NY Times Piece on Post-Christian Religious Impulses in the United States

The New York Times recently ran an Op Ed column suggesting that the United States is moving further and further towards a mass religious stance that believes behind the Christian scriptural narratives. An excerpt reads:

“But the secularization narrative is insufficient, because even with America’s churches in decline, the religious impulse has hardly disappeared. In the early 2000s, over 40 percent of Americans answered with an emphatic ‘yes’ when Gallup asked them if ‘a profound religious experience or awakening’ had redirected their lives; that number had doubled since the 1960s, when institutional religion was more vigorous. A recent Pew survey on secularization likewise found increases in the share of Americans who have regular feelings of ‘spiritual peace and well-being.’ And the resilience of religious impulses and rhetoric in contemporary political movements, even (or especially) on the officially secular left, is an obvious feature of our politics.”

Read the entire piece: https://www.nytimes.com/2018/12/12/opinion/christianity-paganism-america.html?action=click&module=Opinion&pgtype=Homepage.
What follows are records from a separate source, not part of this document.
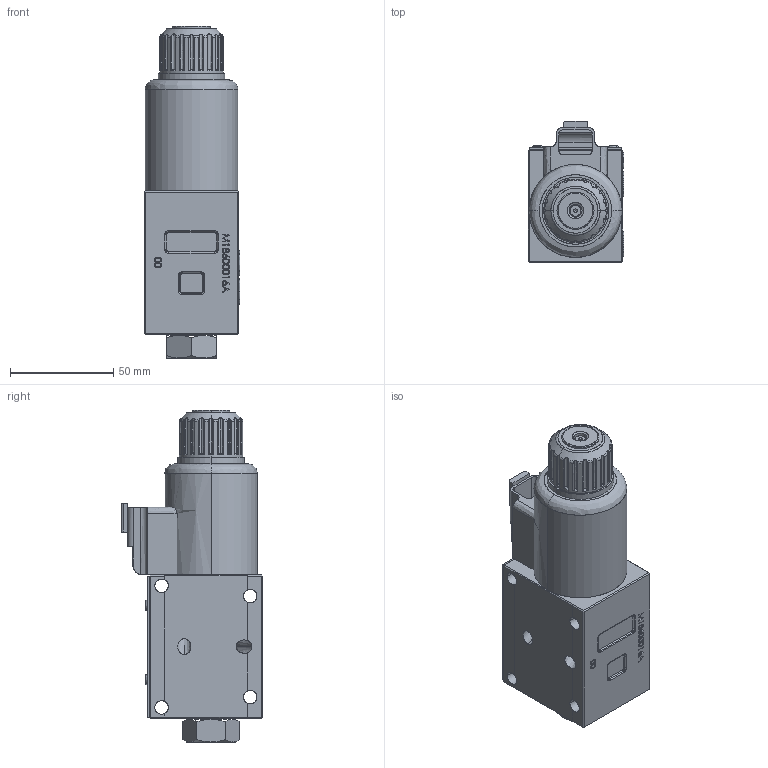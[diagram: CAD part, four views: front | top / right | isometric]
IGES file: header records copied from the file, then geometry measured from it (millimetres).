
Start section: SolidWorks IGES file using analytic representation for surfaces
Global section: file name: CXQ3CT-D-CZ2.igs; native system: SolidWorks 2012; preprocessor: SolidWorks 2012; author: serviziopdm; date: 131010.095711; units: millimetre
Bounding box: 46.48 x 68.5 x 161 mm (x, y, z)
Surface area: 44080.9 mm2 (no closed solid volume)
Topology: 0 solids, 0 shells, 584 faces, 10216 edges, 10204 vertices
Faces by surface type: bspline 389, revolution 195
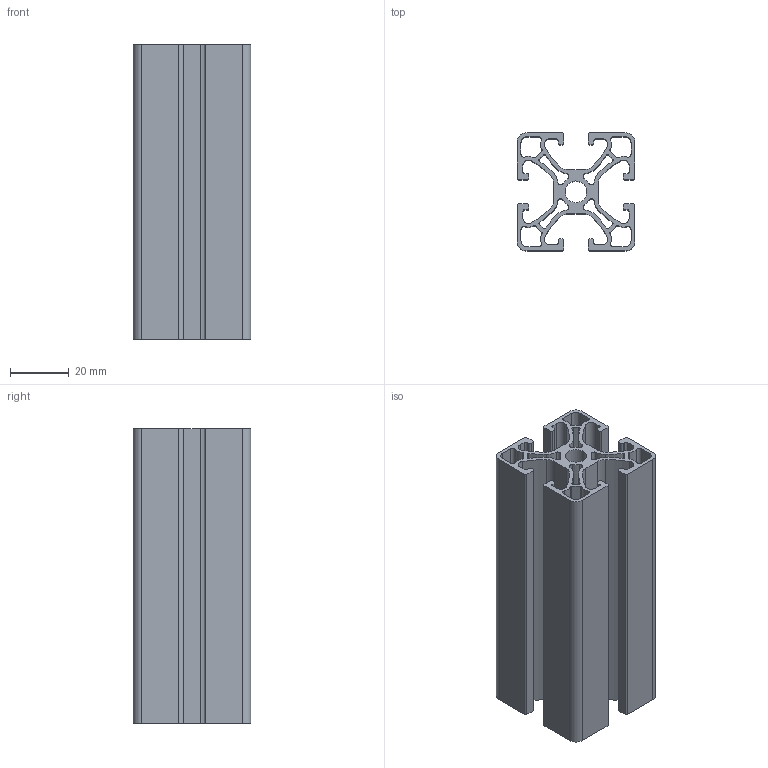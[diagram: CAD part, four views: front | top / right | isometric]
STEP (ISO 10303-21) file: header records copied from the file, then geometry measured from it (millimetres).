
FILE_DESCRIPTION((''),'2;1');
FILE_NAME('K_104040E_100.stp','2013-02-18T10:42:34',('VeronikaF'),(''),'Autodesk Inventor 2011','Autodesk Inventor 2011','');
FILE_SCHEMA(('AUTOMOTIVE_DESIGN { 1 0 10303 214 1 1 1 1 }'));
Length unit declared in the file: millimetre
Products named in the file (1): K_104040E_100
Bounding box: 40 x 40 x 100 mm (x, y, z)
Volume: 50454.4 mm3; surface area: 60119.6 mm2
Topology: 1 solids, 1 shells, 187 faces, 555 edges, 370 vertices
Faces by surface type: cylinder 125, plane 62
Full cylindrical faces by diameter (mm): 7.4 x1
Entity records: 6436 total; most frequent: DIRECTION 1180, CARTESIAN_POINT 1112, ORIENTED_EDGE 1108, EDGE_CURVE 554, AXIS2_PLACEMENT_3D 438, VERTEX_POINT 370, VECTOR 304, LINE 304
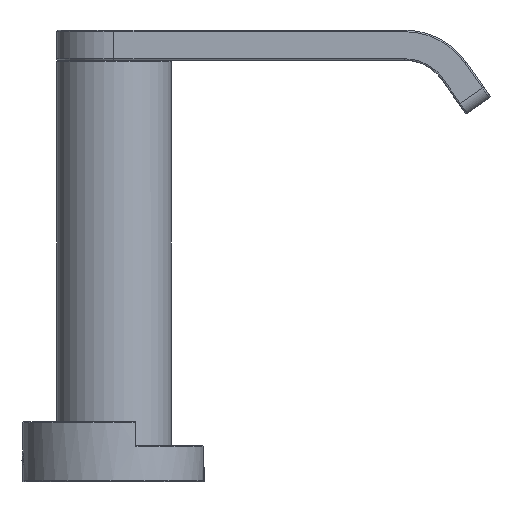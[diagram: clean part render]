
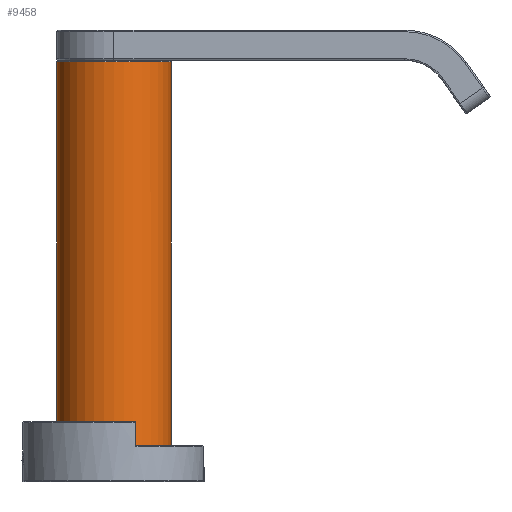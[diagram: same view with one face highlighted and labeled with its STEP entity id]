
A CAD part, left-side view. The second image highlights one B-rep face of the part: STEP entity #9458.
In plain terms, the highlighted cylindrical face has radius 19 mm (diameter 38 mm), a full revolution.
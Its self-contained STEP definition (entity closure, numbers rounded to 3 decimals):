
#1201=FACE_OUTER_BOUND('',#1837,.T.);
#1837=EDGE_LOOP('',(#8453,#8454,#8455,#8456,#8457,#8458));
#2472=CIRCLE('',#10755,19.);
#2473=CIRCLE('',#10756,19.);
#2476=CIRCLE('',#10760,19.);
#2477=CIRCLE('',#10761,19.);
#3083=LINE('',#19378,#3679);
#3679=VECTOR('',#13742,19.);
#4473=VERTEX_POINT('',#19366);
#4474=VERTEX_POINT('',#19367);
#4476=VERTEX_POINT('',#19374);
#4477=VERTEX_POINT('',#19375);
#5805=EDGE_CURVE('',#4473,#4474,#2472,.T.);
#5806=EDGE_CURVE('',#4474,#4473,#2473,.T.);
#5809=EDGE_CURVE('',#4476,#4477,#2476,.T.);
#5810=EDGE_CURVE('',#4477,#4476,#2477,.T.);
#5811=EDGE_CURVE('',#4477,#4473,#3083,.T.);
#8453=ORIENTED_EDGE('',*,*,#5809,.F.);
#8454=ORIENTED_EDGE('',*,*,#5810,.F.);
#8455=ORIENTED_EDGE('',*,*,#5811,.T.);
#8456=ORIENTED_EDGE('',*,*,#5805,.T.);
#8457=ORIENTED_EDGE('',*,*,#5806,.T.);
#8458=ORIENTED_EDGE('',*,*,#5811,.F.);
#8879=CYLINDRICAL_SURFACE('',#10759,19.);
#9458=ADVANCED_FACE('',(#1201),#8879,.T.);
#10755=AXIS2_PLACEMENT_3D('',#19368,#13728,#13729);
#10756=AXIS2_PLACEMENT_3D('',#19369,#13730,#13731);
#10759=AXIS2_PLACEMENT_3D('',#19373,#13736,#13737);
#10760=AXIS2_PLACEMENT_3D('',#19376,#13738,#13739);
#10761=AXIS2_PLACEMENT_3D('',#19377,#13740,#13741);
#13728=DIRECTION('center_axis',(0.,0.,
1.));
#13729=DIRECTION('ref_axis',(1.,0.,0.));
#13730=DIRECTION('center_axis',(0.,0.,
1.));
#13731=DIRECTION('ref_axis',(1.,0.,0.));
#13736=DIRECTION('center_axis',(0.,0.,
1.));
#13737=DIRECTION('ref_axis',(1.,0.,0.));
#13738=DIRECTION('center_axis',(0.,0.,
1.));
#13739=DIRECTION('ref_axis',(1.,0.,0.));
#13740=DIRECTION('center_axis',(0.,0.,
1.));
#13741=DIRECTION('ref_axis',(1.,0.,0.));
#13742=DIRECTION('',(0.,0.,-1.));
#19366=CARTESIAN_POINT('',(-19.,-0.209,4.139));
#19367=CARTESIAN_POINT('',(-18.999,-0.048,4.139));
#19368=CARTESIAN_POINT('Origin',(0.,-0.209,
4.139));
#19369=CARTESIAN_POINT('Origin',(0.,-0.209,
4.139));
#19373=CARTESIAN_POINT('Origin',(0.,-0.209,
-3.111));
#19374=CARTESIAN_POINT('',(18.999,-0.363,138.139));
#19375=CARTESIAN_POINT('',(-19.,-0.209,138.139));
#19376=CARTESIAN_POINT('Origin',(0.,-0.209,
138.139));
#19377=CARTESIAN_POINT('Origin',(0.,-0.209,
138.139));
#19378=CARTESIAN_POINT('',(-19.,-0.209,-3.111));

Thanks to Hymenaeus Beta for the tip!

Frater Lux Ad Mundi

One Comment

  1. I was just at Spencer Gifts this past weekend and noticed over a half dozen books on witchcraft and occultism for sale in the store. At Barnes & Noble, there was an entire table with short $5 books on tarot, crystals, etc.

    We’re works like that visibly being sold in “normie” stores a decade ago as well, or was I just not looking for such things back then?

    Now, I’m sure that most of the contents were “fluffbunny” and likewise with most of the folks buying those particular works— these aren’t “Magick In Theory And Practice” tier after all. 99.9% of such books aren’t.

    But all-in-all, it’s a positive trend.

    Christians may retort that “pagans [sic] and occultists don’t have a real religion, they just do whatever they want and believe whatever they want to believe”.

    That may be, depending on the school of thought in question, true, but the same applies to the majority of Christians— for instance, something like 80% of Americans identify as Christian, but a startlingly high percentage (40ish% IIRC) believe in things such as reincarnation as well as various ideas that have been condemned as heresy by various Eccumenial Councils.